Housing Discrimination

Autism Speaks reports that a federal appeals court has upheld a HUD case against a West Virginia landlord.
The case involved a Charleston, WV landlord who imposed a series of conditions on a prospective tenant, Delores Walker, after she said her 48-year-old brother with "severe autism" would share the apartment. The landlord demanded that Walker obtain a note from her brother's doctor stating that he would not pose a liability threat, obtain a renter’s insurance policy with $1 million in liability coverage, and assume responsibility for any damage Walker's brother might cause to the property.

The landlord, Michael Corey, told Walker he was imposing the conditions based on his prior observations of “children with autism . . . flailing their arms and hollering and screaming in outrage.”
Walker elected not to pursue the rental, but HUD took up the case, arguing Corey had violated the Fair Housing Act by discriminating on the basis of disability in his offer of the apartment. An administrative law judge found for Corey, but HUD reversed the judge's recommendations and imposed fines on Corey.

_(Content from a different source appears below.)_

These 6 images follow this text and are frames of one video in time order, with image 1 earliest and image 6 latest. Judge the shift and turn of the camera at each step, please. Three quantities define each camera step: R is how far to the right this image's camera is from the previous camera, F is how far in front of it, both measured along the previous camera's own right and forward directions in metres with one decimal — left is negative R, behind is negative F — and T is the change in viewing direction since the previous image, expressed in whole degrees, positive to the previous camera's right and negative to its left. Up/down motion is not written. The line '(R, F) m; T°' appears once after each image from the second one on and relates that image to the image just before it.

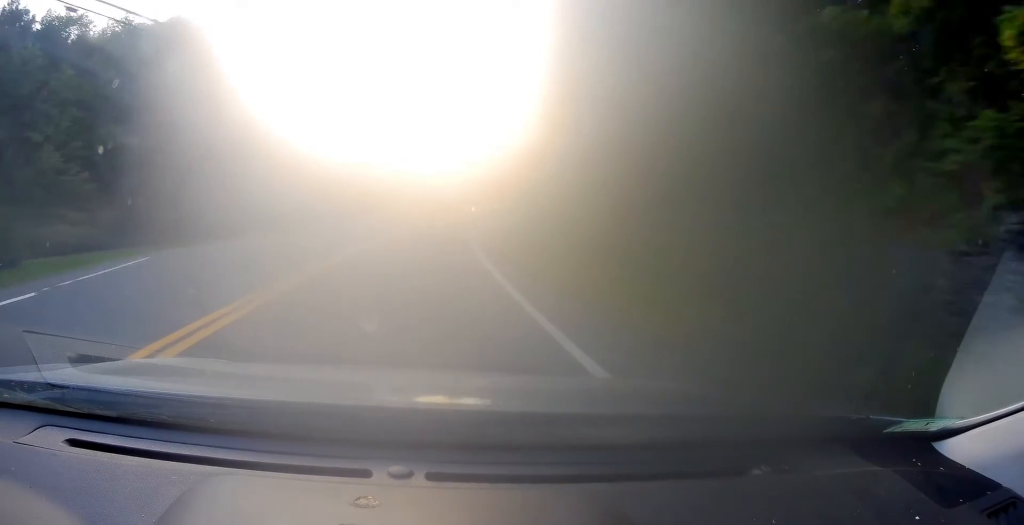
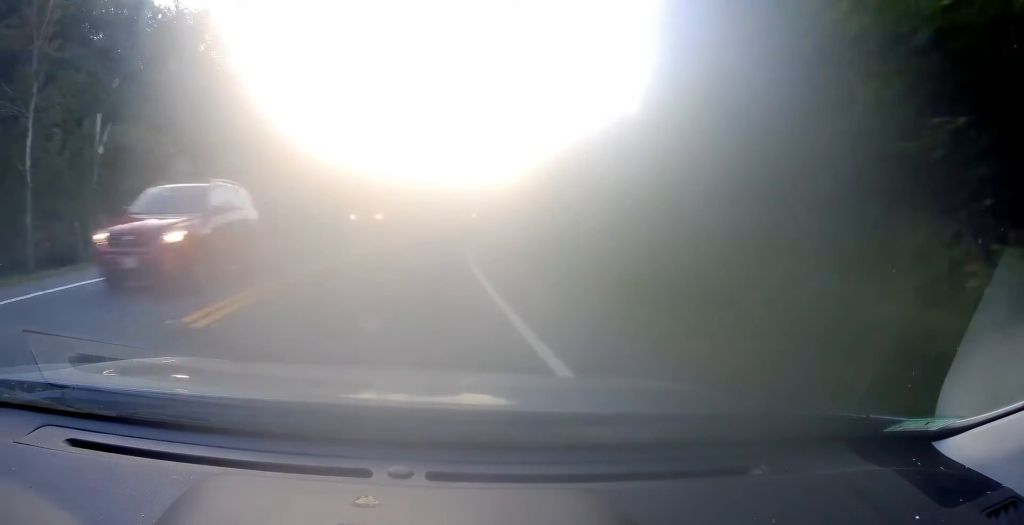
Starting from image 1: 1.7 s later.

Corey then appealed to the U.S. Fourth Circuit Court of Appeals. The three-judge federal appeals panel upheld HUD's actions and further increased the fines.
From the opinion: 
Section 3604(c) of the FHA [Fair Housing Act] prohibits oral or written statements with respect to the rental of a dwelling that indicate a “preference, limitation, or discrimination” based on certain protected statuses, including disability....
Corey does not deny telling Ms. Walker that he intended to impose special conditions on the Walkers’ prospective tenancy, but disagrees that he violated § 3604(c). He argues that he imposed the conditions only after Ms. Walker’s “voluntary and unsolicited statement that her brother suffers from ‘severe autism and mental retardation.’” Pet’r’s Br. 20. Corey also notes that he never indicated a flat refusal to rent to the Walkers, “only that . . . risk insurance maybe [sic] required.” Id. at 21.

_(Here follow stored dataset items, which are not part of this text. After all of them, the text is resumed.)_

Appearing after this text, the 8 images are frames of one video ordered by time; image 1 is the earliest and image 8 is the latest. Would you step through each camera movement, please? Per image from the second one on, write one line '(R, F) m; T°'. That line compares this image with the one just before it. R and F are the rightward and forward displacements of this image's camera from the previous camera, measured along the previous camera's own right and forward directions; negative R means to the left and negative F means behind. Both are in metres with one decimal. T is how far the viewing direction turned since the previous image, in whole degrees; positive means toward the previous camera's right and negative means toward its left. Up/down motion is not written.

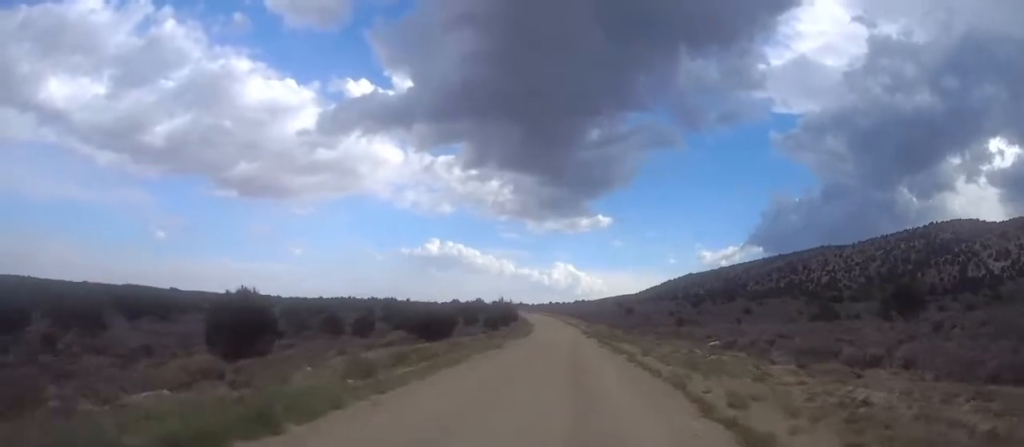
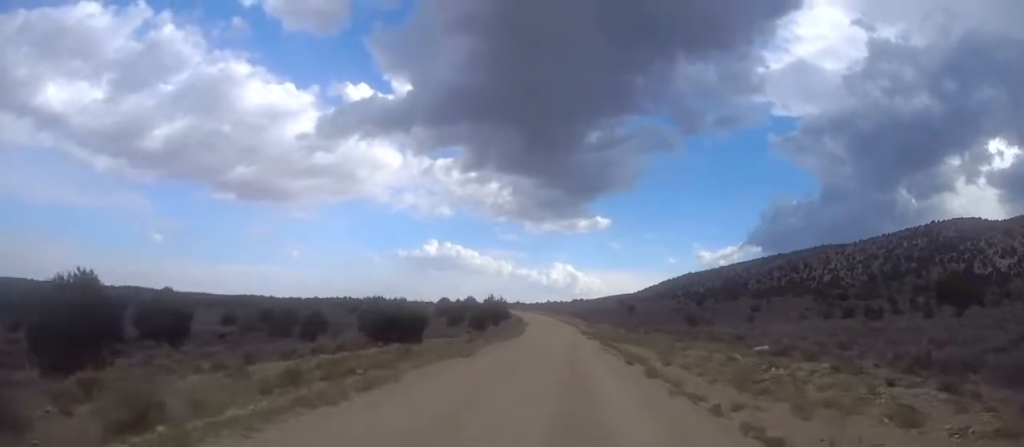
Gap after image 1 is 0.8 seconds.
(-0.2, +10.5) m; -1°
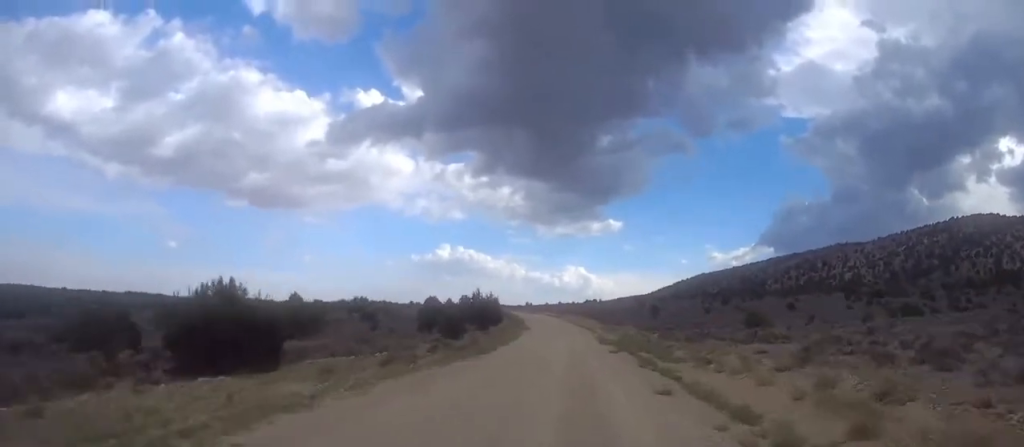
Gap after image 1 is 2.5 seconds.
(-0.2, +22.8) m; -1°
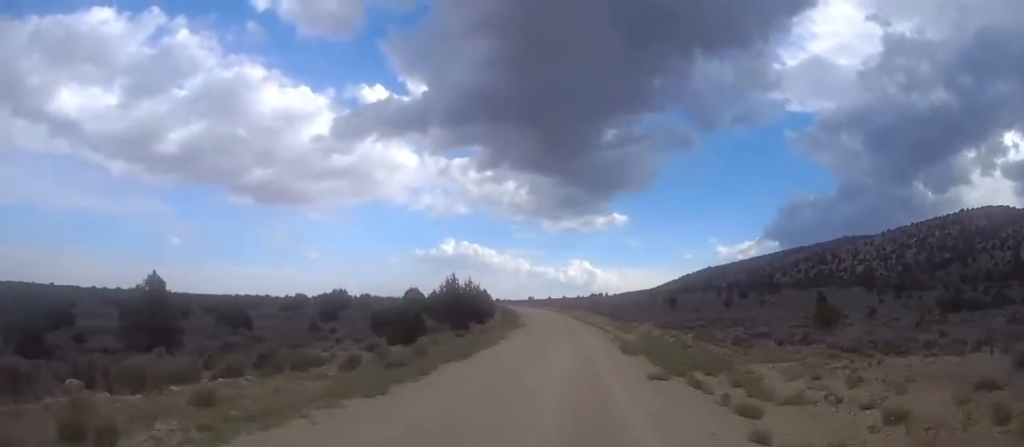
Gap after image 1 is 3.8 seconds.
(0.0, +16.7) m; 0°
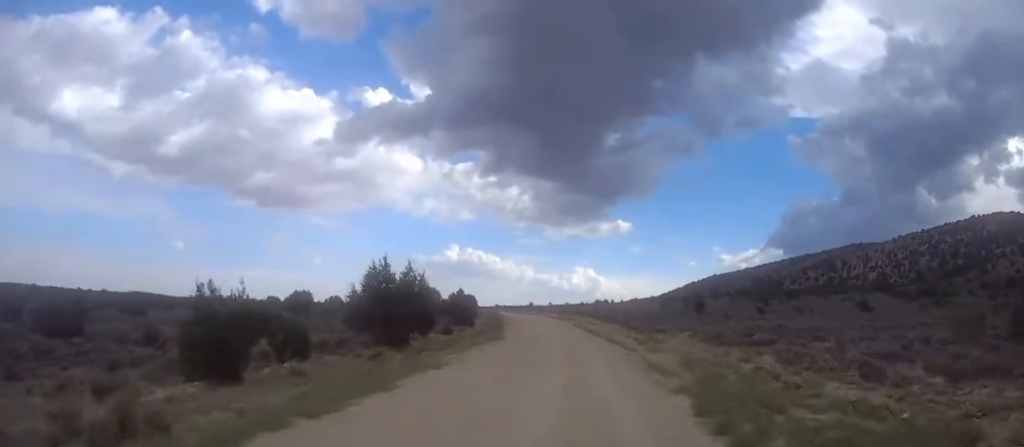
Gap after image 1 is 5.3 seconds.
(0.0, +20.1) m; -1°
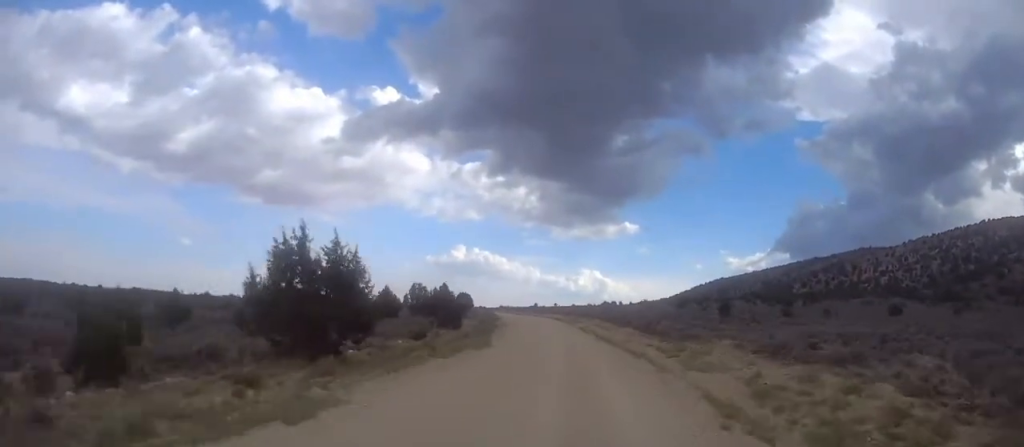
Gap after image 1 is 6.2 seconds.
(-0.2, +11.3) m; -1°
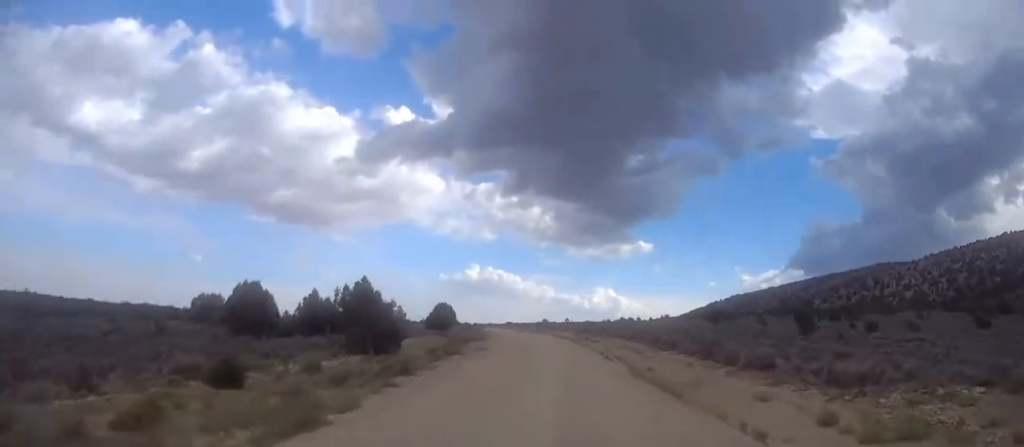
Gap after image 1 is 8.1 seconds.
(-0.4, +24.0) m; -2°
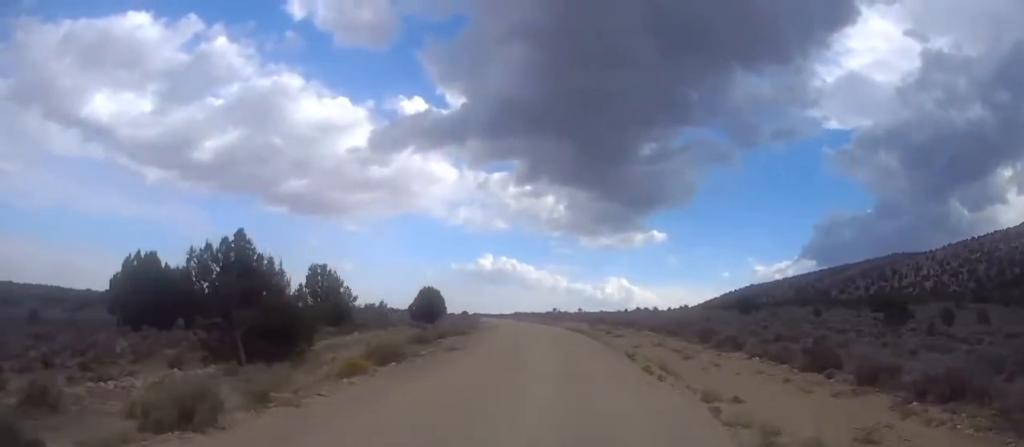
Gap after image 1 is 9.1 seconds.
(+0.3, +13.5) m; -2°

Corey’s arguments are unavailing. For one, the fact that Ms. Walker disclosed her brother’s disability does not excuse Corey’s discriminatory responsive statements. Nor does it matter that Corey did not refuse to rent to the Walkers; the statute simply prohibits statements to renters that indicate a limitation based on disability, and Corey admits to making such statements. This ends the inquiry, as substantial evidence supports the Secretary’s determination.
 Finally, we affirm the Secretary’s conclusion that the § 3604(f)(9) “direct threat” exception does not apply. Corey makes no showing that his discriminatory conduct was supported by any objective evidence that Mr. Walker posed a direct threat to persons or property, as is required to trigger the exception. See H.R. Rep. No. 711, at 30 (1988), reprinted in 1988 U.S.C.C.A.N. 2173, 2191. And even if Corey’s request for a meeting with Mr. Walker and a doctor’s note was, as he maintains, an attempt to obtain such objective evidence, Corey cannot justify the other discriminatory conditions he sought to impose, based as they were on unsubstantiated stereotypes about autistic people in general.